> **ACTIVITY**:
Begin at the top of the records below and print each line exactly until the line containing "Úsbekistan eru fjórðu" has been printed; any pictures are to be left out.

> **EXTRACTED RECORDS**:
=-=-=-=-=

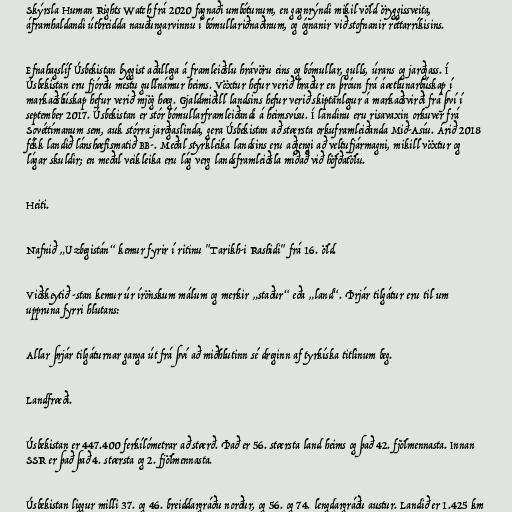
Skýrsla Human Rights Watch frá 2020 fagnaði umbótunum, en gagnrýndi mikil völd öryggissveita,
áframhaldandi útbreidda nauðungarvinnu í bómullariðnaðinum, og ógnanir við stofnanir réttarríkisins.

Efnahagslíf Úsbekistan byggist aðallega á framleiðslu hrávöru eins og bómullar, gulls, úrans og jarðgass. Í
Úsbekistan eru fjórðu mestu gullnámur heims. Vöxtur hefur verið hraður en þróun frá áætlunarbúskap í
markaðsbúskap hefur verið mjög hæg. Gjaldmiðill landsins hefur verið skiptanlegur á markaðsvirði frá því í
september 2017. Úsbekistan er stór bómullarframleiðandi á heimsvísu. Í landinu eru risavaxin orkuver frá
Sovéttímanum sem, auk stórra jarðgaslinda, gera Úsbekistan að stærsta orkuframleiðanda Mið-Asíu. Árið 2018
fékk landið lánshæfismatið BB-. Meðal styrkleika landsins eru aðgengi að veltufjármagni, mikill vöxtur og
lágar skuldir; en meðal veikleika eru lág verg landsframleiðsla miðað við höfðatölu.

Heiti.

Nafnið „Uzbegistán“ kemur fyrir í ritinu "Tarikh-i Rashidi" frá 16. öld.

Viðskeytið -stan kemur úr írönskum málum og merkir „staður“ eða „land“. Þrjár tilgátur eru til um
uppruna fyrri hlutans:

Allar þrjár tilgáturnar ganga út frá því að miðhlutinn sé dreginn af tyrkíska titlinum beg.

Landfræði.

Úsbekistan er 447.400 ferkílómetrar að stærð. Það er 56. stærsta land heims og það 42. fjölmennasta. Innan
SSR er það það 4. stærsta og 2. fjölmennasta.

Úsbekistan liggur milli 37. og 46. breiddargráðu norður, og 56. og 74. lengdargráðu austur. Landið er 1.425 km
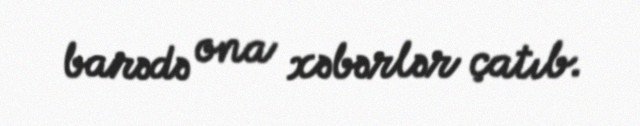
barədə ona xəbərlər çatıb.
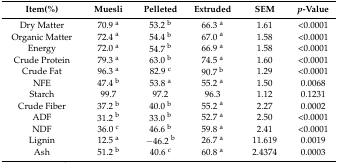
<table><thead><tr><td><b>Item(%)</b></td><td><b>Muesli</b></td><td><b>Pelleted</b></td><td><b>Extruded</b></td><td><b>SEM</b></td><td><b><i>p</i>-Value</b></td></tr></thead><tbody><tr><td>Dry Matter</td><td>70.9 <sup>a</sup></td><td>53.2 <sup>b</sup></td><td>66.3 <sup>a</sup></td><td>1.61</td><td>&lt;0.0001</td></tr><tr><td>Organic Matter</td><td>72.4 <sup>a</sup></td><td>54.4 <sup>b</sup></td><td>67.0 <sup>a</sup></td><td>1.58</td><td>&lt;0.0001</td></tr><tr><td>Energy</td><td>72.0 <sup>a</sup></td><td>54.7 <sup>b</sup></td><td>66.9 <sup>a</sup></td><td>1.58</td><td>&lt;0.0001</td></tr><tr><td>Crude Protein</td><td>79.3 <sup>a</sup></td><td>63.0 <sup>b</sup></td><td>74.5 <sup>a</sup></td><td>1.60</td><td>&lt;0.0001</td></tr><tr><td>Crude Fat</td><td>96.3 <sup>a</sup></td><td>82.9 <sup>c</sup></td><td>90.7 <sup>b</sup></td><td>1.29</td><td>&lt;0.0001</td></tr><tr><td>NFE</td><td>47.4 <sup>b</sup></td><td>53.8 <sup>a</sup></td><td>55.2 <sup>a</sup></td><td>1.50</td><td>0.0068</td></tr><tr><td>Starch</td><td>99.7</td><td>97.2</td><td>96.3</td><td>1.12</td><td>0.1231</td></tr><tr><td>Crude Fiber</td><td>37.2 <sup>b</sup></td><td>40.0 <sup>b</sup></td><td>55.2 <sup>a</sup></td><td>2.27</td><td>0.0002</td></tr><tr><td>ADF</td><td>31.2 <sup>b</sup></td><td>33.0 <sup>b</sup></td><td>52.7 <sup>a</sup></td><td>2.50</td><td>&lt;0.0001</td></tr><tr><td>NDF</td><td>36.0 <sup>c</sup></td><td>46.6 <sup>b</sup></td><td>59.8 <sup>a</sup></td><td>2.41</td><td>&lt;0.0001</td></tr><tr><td>Lignin</td><td>12.5 <sup>a</sup></td><td>−46.2 <sup>b</sup></td><td>26.7 <sup>a</sup></td><td>11.619</td><td>0.0019</td></tr><tr><td>Ash</td><td>51.2 <sup>b</sup></td><td>40.6 <sup>c</sup></td><td>60.8 <sup>a</sup></td><td>2.4374</td><td>0.0003</td></tr></tbody></table>
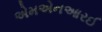
એમએનઆરઈ
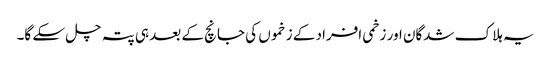
یہ ہلاک شدگان اور زخمی افراد کے زخموں کی جانچ کے بعد ہی پتہ چل سکے گا۔
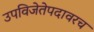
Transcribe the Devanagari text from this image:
उपविजेतेपदावरच
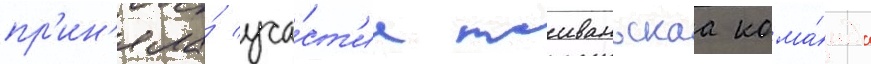
пр'ин'яла́ уча́ст'ие таиваньскаа кома́нда
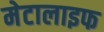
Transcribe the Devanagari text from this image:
मेटालाइफ
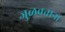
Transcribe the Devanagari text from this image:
जुळवताना
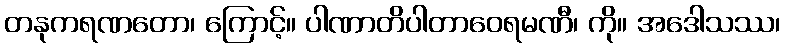
တနုကရဏတော၊ ကြောင့်။ ပါဏာတိပါတာဝေရမဏီ၊ ကို။ အဒေါသဿ၊
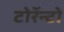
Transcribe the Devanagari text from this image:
टोरॅन्टो
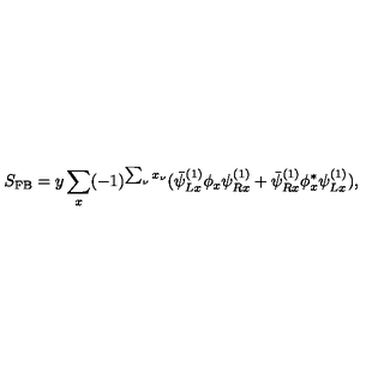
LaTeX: S _ { \mathrm { F B } } = y \sum _ { x } ( - 1 ) ^ { \sum _ { \nu } x _ { \nu } } ( \bar { \psi } _ { L x } ^ { ( 1 ) } \phi _ { x } \psi _ { R x } ^ { ( 1 ) } + \bar { \psi } _ { R x } ^ { ( 1 ) } \phi _ { x } ^ { * } \psi _ { L x } ^ { ( 1 ) } ) ,
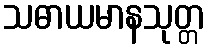
သဓာယမာနသုတ္တ
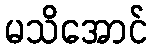
မသိအောင်
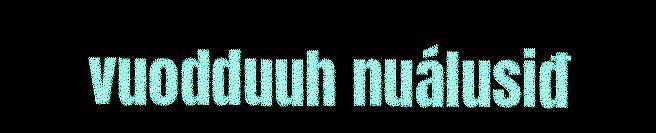
vuodduuh nuálusiđ
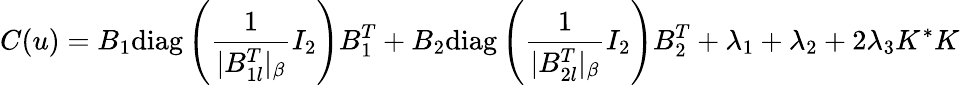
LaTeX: C(u)=B_{1}\textrm{diag}\left(\frac{1}{|B_{1l}^{T}|_{\beta}}I_{2}\right)B_{1}^{T}+B_{2}\textrm{diag}\left(\frac{1}{|B_{2l}^{T}|_{\beta}}I_{2}\right)B_{2}^{T}+\lambda_{1}+\lambda_{2}+2\lambda_{3}K^{*}K
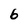
Character: 6
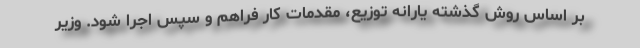
بر اساس روش گذشته یارانه توزیع، مقدمات کار فراهم و سپس اجرا شود. وزیر
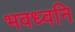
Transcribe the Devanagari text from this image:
भवध्वनि
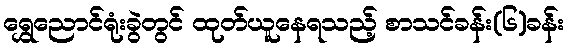
ရွှေညောင်ရုံးခွဲတွင် ထုတ်ယူနေရသည့် စာသင်ခန်း(၆)ခန်း
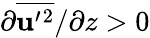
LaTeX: \partial\overline{{{\mathbf{u}}^{\prime}{}^{2}}}/\partial z>0
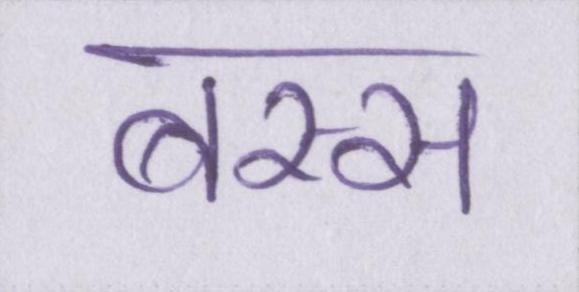
बस्स
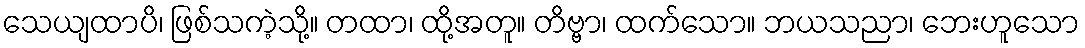
သေယျထာပိ၊ ဖြစ်သကဲ့သို့။ တထာ၊ ထို့အတူ။ တိဗ္ဗာ၊ ထက်သော။ ဘယသညာ၊ ဘေးဟူသော
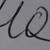
Signature authenticity: forged
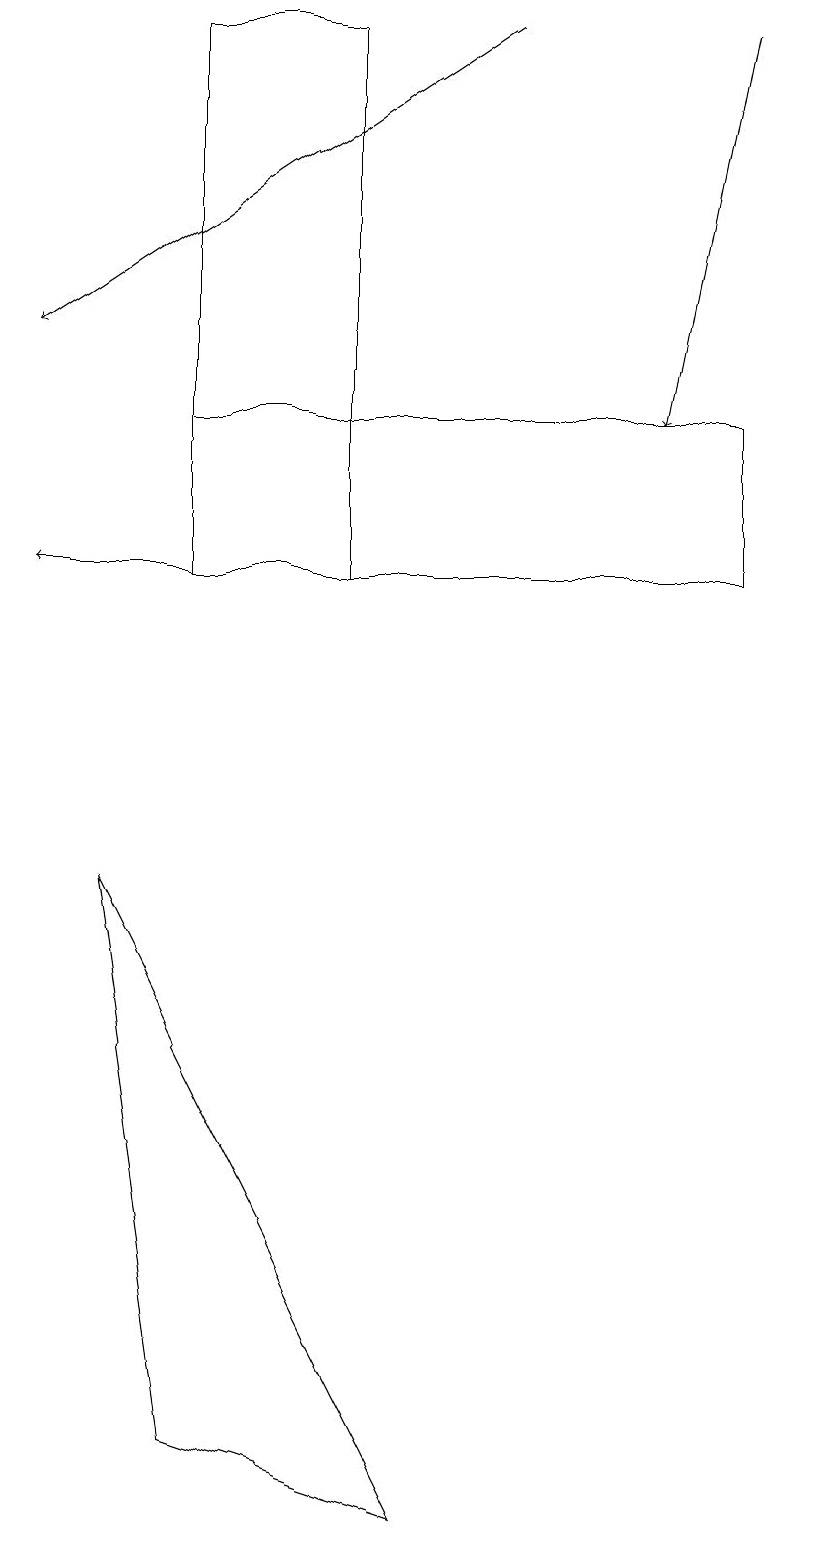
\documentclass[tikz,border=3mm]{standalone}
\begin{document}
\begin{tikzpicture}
\draw[->] (9,19) -- (8,14);
\draw (2,14) rectangle (9,12);
\draw (1,8) -- (5,0) -- (2,1) -- cycle;
\draw[->] (6,19) -- (0,15);
\draw (2,19) rectangle (4,12);
\draw[->] (5,12) -- (0,12);
\draw (10,10) circle (0);
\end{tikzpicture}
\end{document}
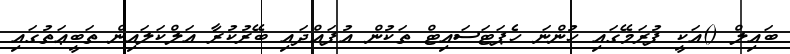
ބައިލް ()އަކީ ފުރަމޭގައި ހުންނަ ހެޕަޓަސައިޓް ތަކުން އުފައްދައި ބޭރުކުރާ އަލްކަލައިން ތަބީޢަތުގައި
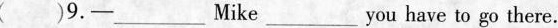
( )9.—— ___ Mike ___ you have to go there.
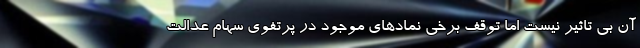
آن بی تاثیر نیست اما توقف برخی نمادهای موجود در پرتفوی سهام عدالت
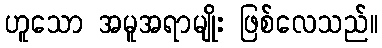
ဟူသော အမူအရာမျိုး ဖြစ်လေသည်။
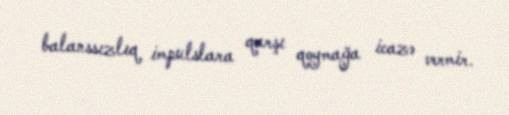
balanssızlıq impulslara qarşı qoymağa icazə vermir.
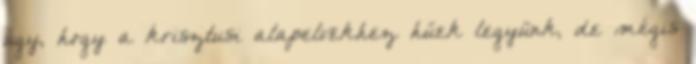
úgy, hogy a krisztusi alapelvekhez hűek legyünk, de mégis
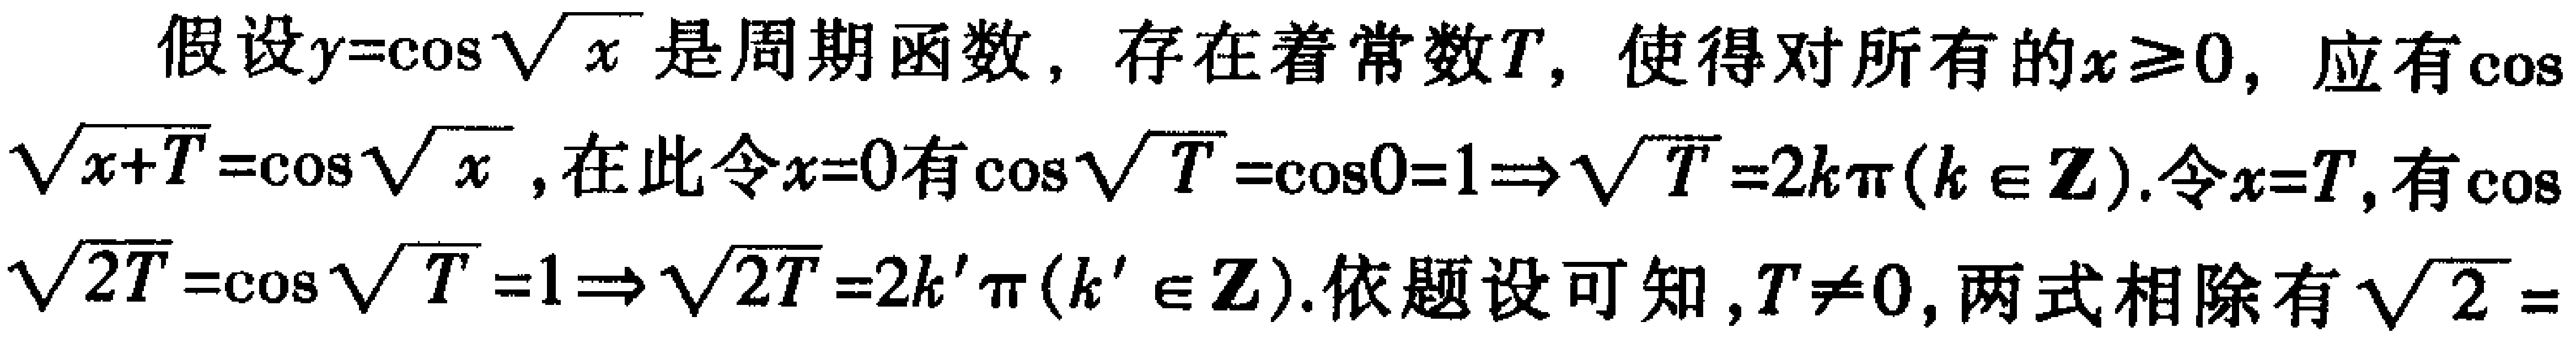
假设\(y = \cos\sqrt{x}\)是周期函数，存在着常数\(T\)，使得对所有的\(x\geq0\)，应有\(\cos\sqrt{x + T}=\cos\sqrt{x}\)，在此令\(x = 0\)有\(\cos\sqrt{T}=\cos0 = 1\Rightarrow\sqrt{T}=2k\pi(k\in\mathbb{Z})\)。令\(x = T\)，有\(\cos\sqrt{2T}=\cos\sqrt{T}=1\Rightarrow\sqrt{2T}=2k'\pi(k'\in\mathbb{Z})\)。依题设可知，\(T\neq0\)，两式相除有\(\sqrt{2} =\)

=-=-=-=-=

> **ANSWER BELOW**:
Skýrsla Human Rights Watch frá 2020 fagnaði umbótunum, en gagnrýndi mikil völd öryggissveita,
áframhaldandi útbreidda nauðungarvinnu í bómullariðnaðinum, og ógnanir við stofnanir réttarríkisins.

Efnahagslíf Úsbekistan byggist aðallega á framleiðslu hrávöru eins og bómullar, gulls, úrans og jarðgass. Í
Úsbekistan eru fjórðu mestu gullnámur heims. Vöxtur hefur verið hraður en þróun frá áætlunarbúskap í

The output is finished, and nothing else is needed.